The year 1889 saw another couple — William Wirt Beck and his wife Louise Coman Beck — investing in a huge parcel of 400 acres on the north side of Union Bay including the Dorffels’ park. The Becks were an interesting duo: He was a Presbyterian minister from Kentucky (who would later claim a background as a miner). She was an Athens, Georgia, native who had graduated from the Athens Female College and then studied music in the Northeast. She was well equipped to teach music in Seattle.

The Becks were ambitious: They envisioned a whole new town, Ravenna, arising on their land and toward that end they quickly platted out town lots southward from the edge of the park and entered the world of real estate sales. The Becks built a large house (at the northeast corner of NE 57th Street and 26th Avenue NE) on 10 acres that also contained their Seattle Female College.

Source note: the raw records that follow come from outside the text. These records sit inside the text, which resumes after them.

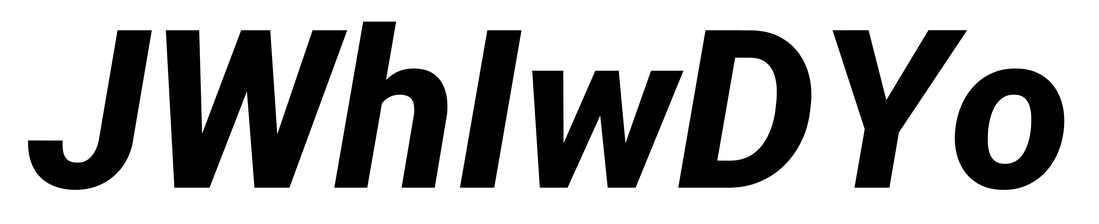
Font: Roboto-Italic_ExtraBold_Italic
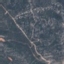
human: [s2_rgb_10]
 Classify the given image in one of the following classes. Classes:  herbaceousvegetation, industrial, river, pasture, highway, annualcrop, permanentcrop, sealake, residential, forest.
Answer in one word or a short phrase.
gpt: HerbaceousVegetation
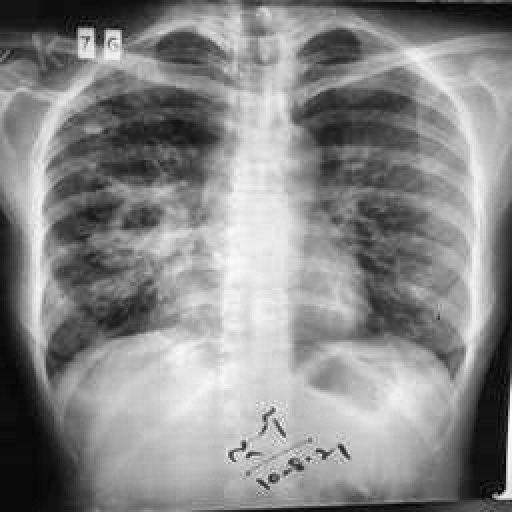
Finding: TUBERCULOSIS
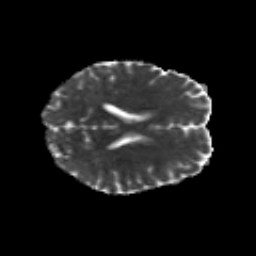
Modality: MD
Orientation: axial
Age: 20
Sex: female
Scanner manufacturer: siemens
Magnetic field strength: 3 T
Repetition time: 8.8 s
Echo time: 0.085 s
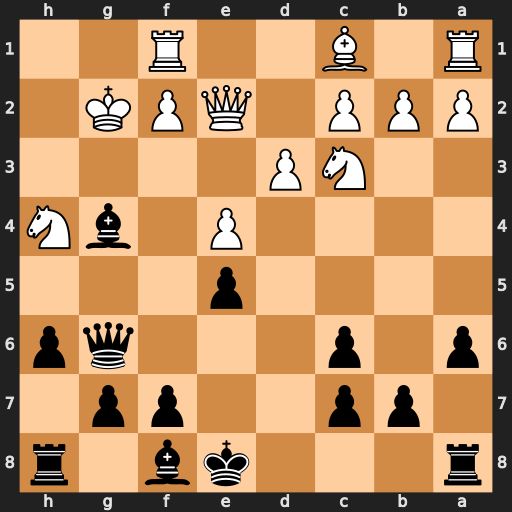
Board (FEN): r3kb1r/1pp2pp1/p1p3qp/4p3/4P1bN/2NP4/PPP1QPK1/R1B2R2
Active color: b
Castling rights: kq
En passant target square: -
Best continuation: Bxe2+ Nxg6 Bxf1+ Kxf1 fxg6
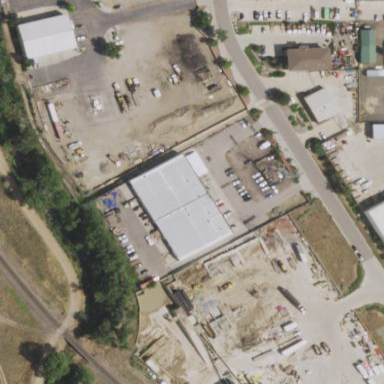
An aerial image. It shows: Industrial building.
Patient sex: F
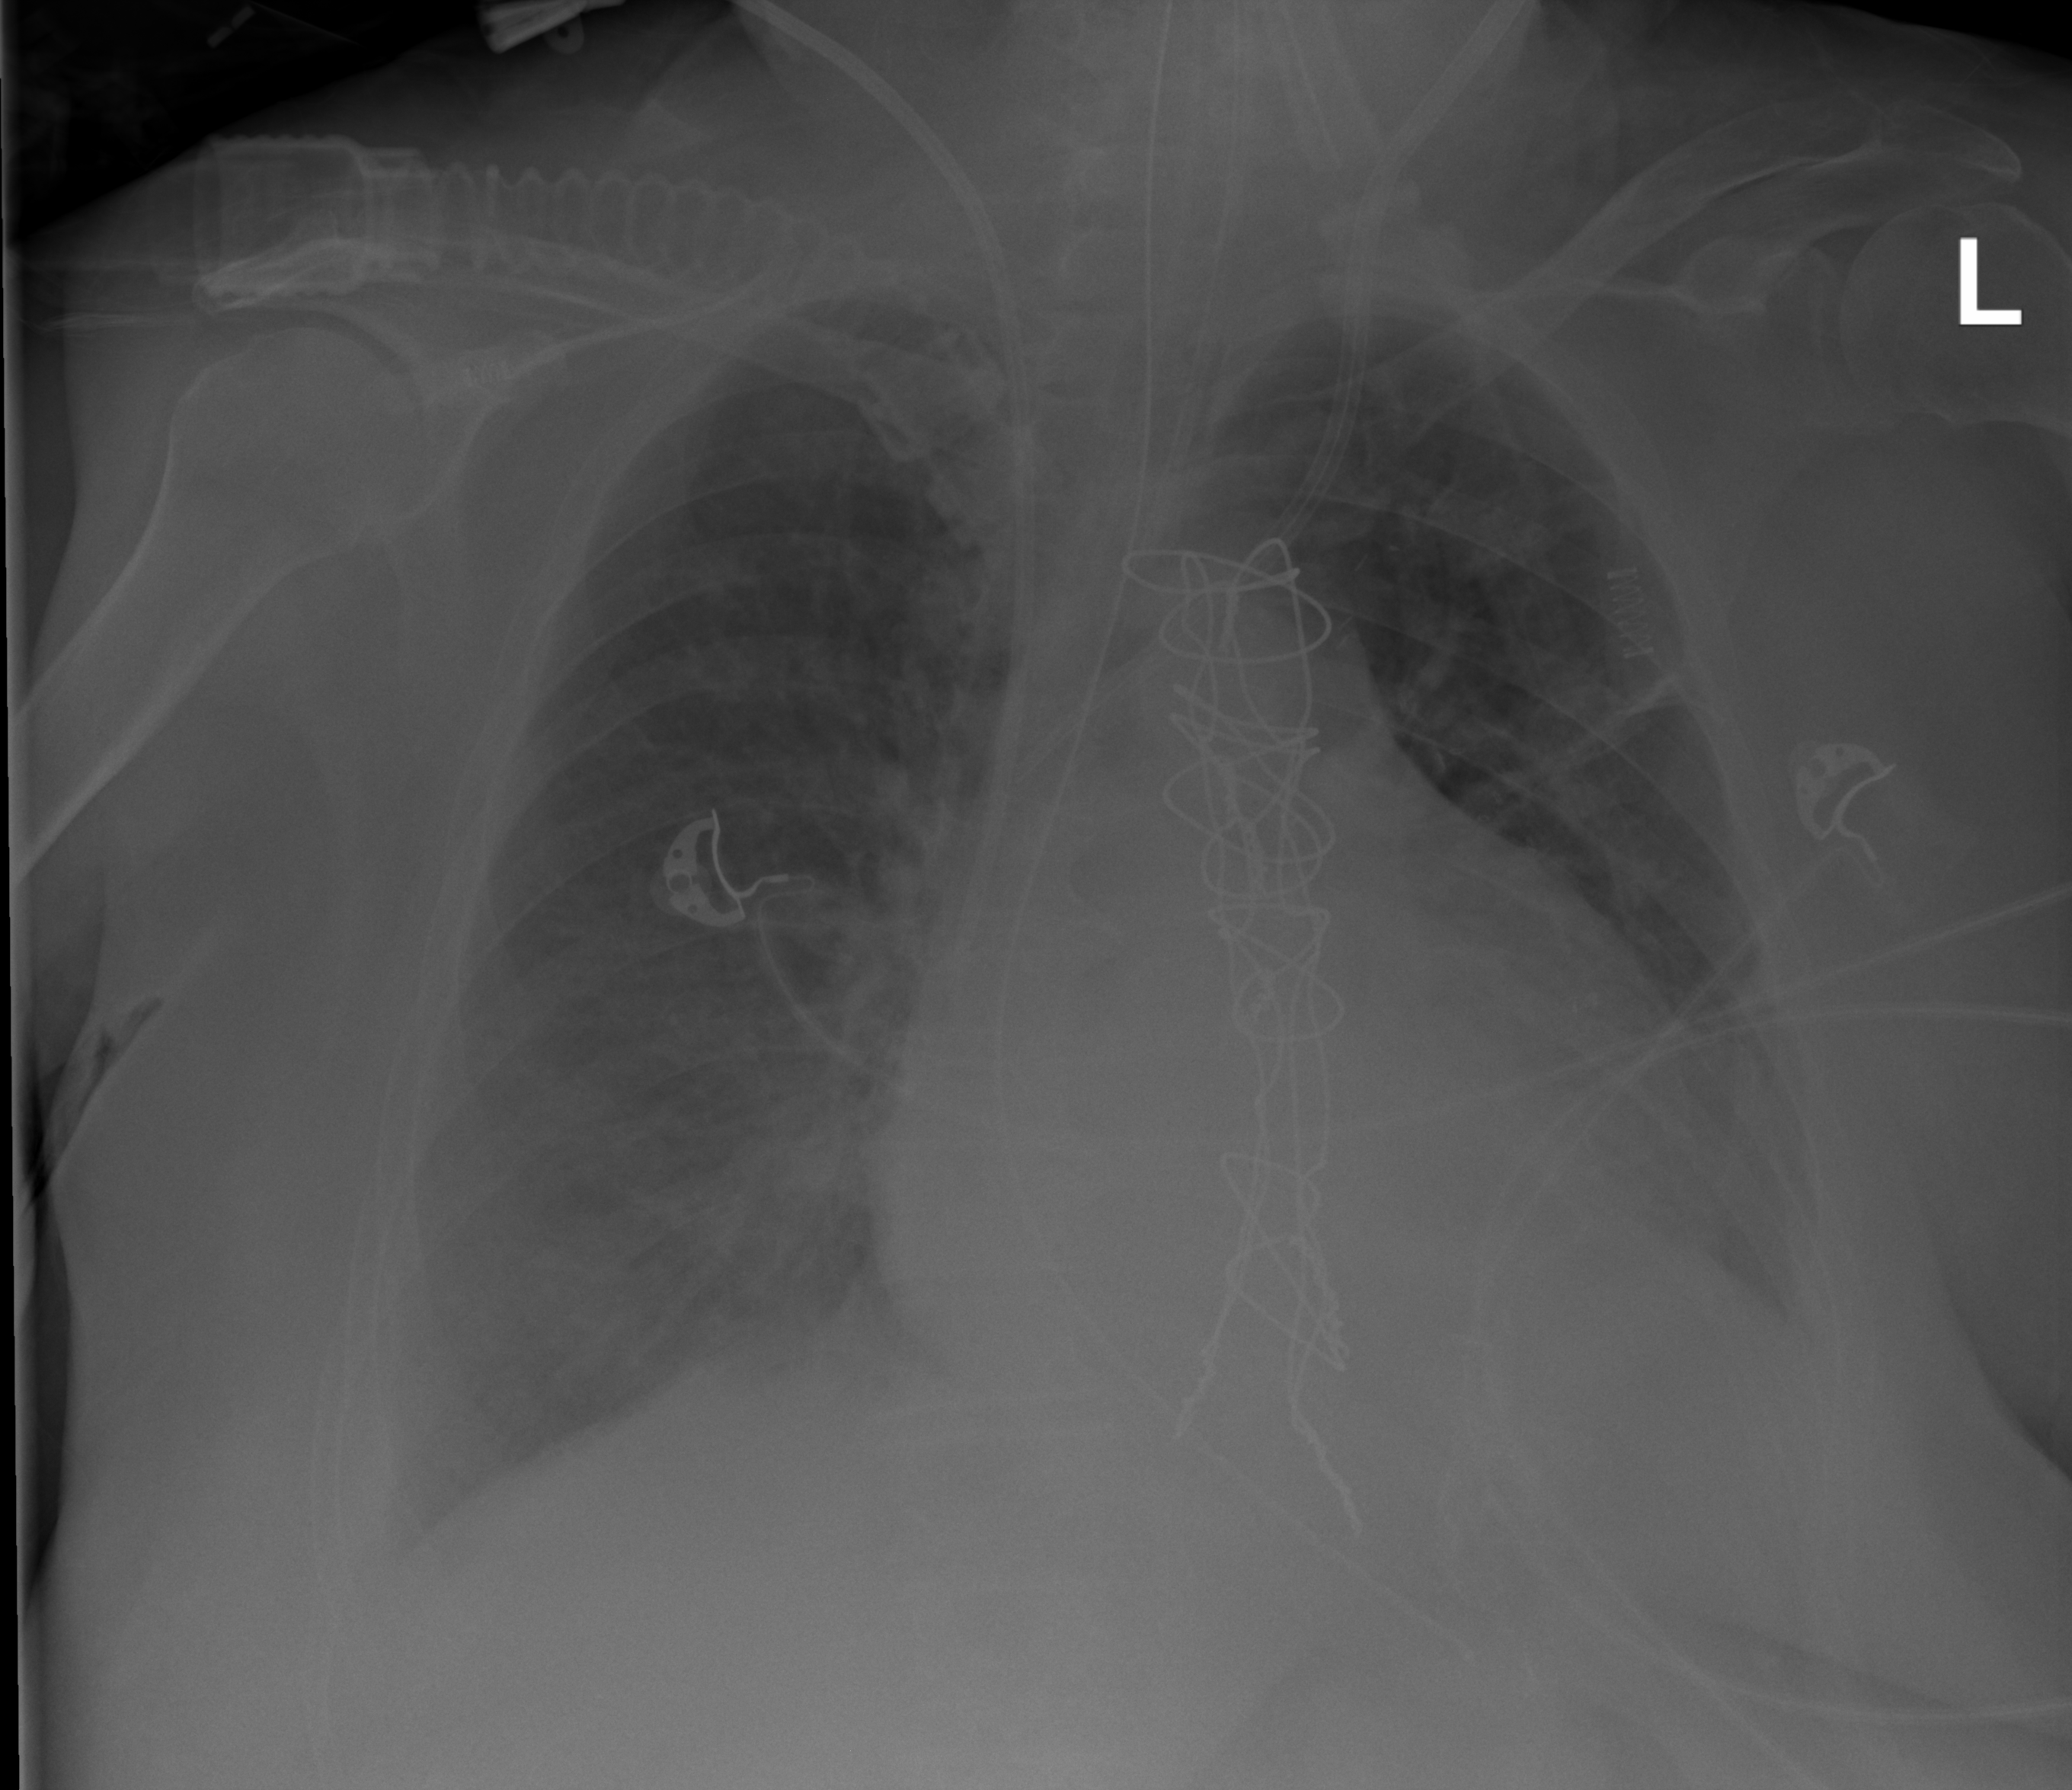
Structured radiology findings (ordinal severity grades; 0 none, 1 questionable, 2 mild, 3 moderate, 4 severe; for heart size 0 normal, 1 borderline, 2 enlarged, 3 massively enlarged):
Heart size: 2
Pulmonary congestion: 2
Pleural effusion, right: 2
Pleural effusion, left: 2
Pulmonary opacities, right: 2
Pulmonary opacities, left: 2
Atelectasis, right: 2
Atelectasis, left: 2
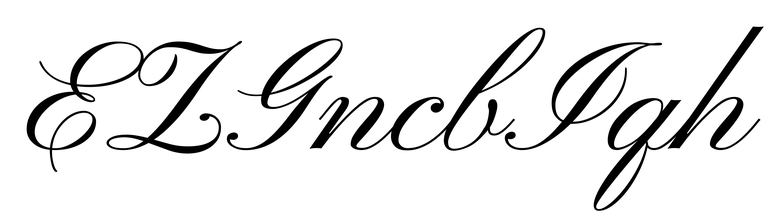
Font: PinyonScript-Regular
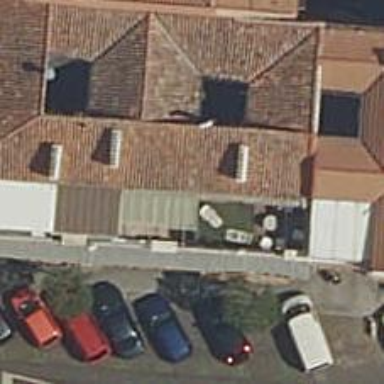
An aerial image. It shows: Restaurant.
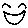
Label: smiley face
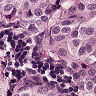
Metastatic tissue present: yes
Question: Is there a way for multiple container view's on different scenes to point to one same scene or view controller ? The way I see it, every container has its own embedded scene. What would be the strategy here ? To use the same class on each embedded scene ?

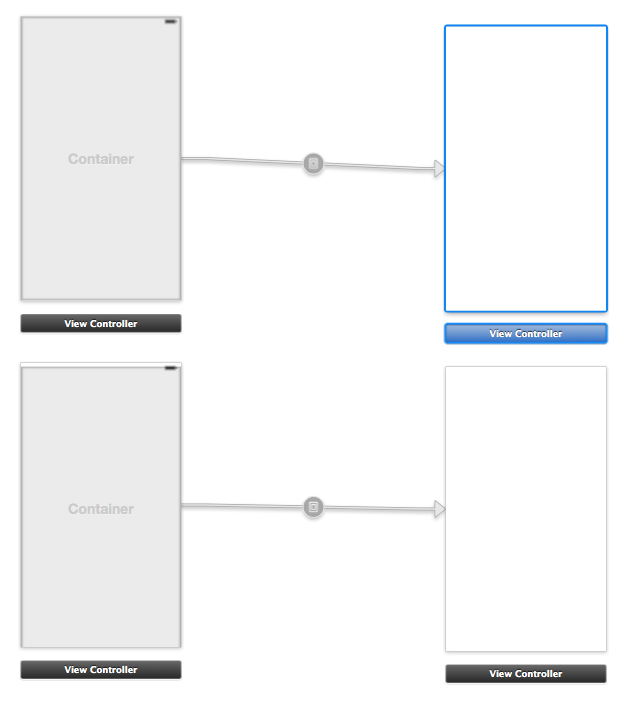
Answer: Yes, just ctrl-drag from the container to the content view controller and select "embed" You'll also probably want to delete the unreachable view controllers from the storyboard.

The college enrolled 40 students for the 1890 school year, and soon included the Seattle Conservatory of Music and Ravenna Seminary. In addition they arranged to have a post office (headed by a Lafayette S. Beck) established and founded the Ravenna Flouring Co. Roper’s Grocery soon joined the hamlet. Best of all, the little town would be serviced at a Ravenna Station (at Blakely Street and 25th Avenue NE) by the Seattle, Lake Shore & Eastern railroad, which passed through the area on its route from downtown Seattle (along today’s Burke-Gilman Trail).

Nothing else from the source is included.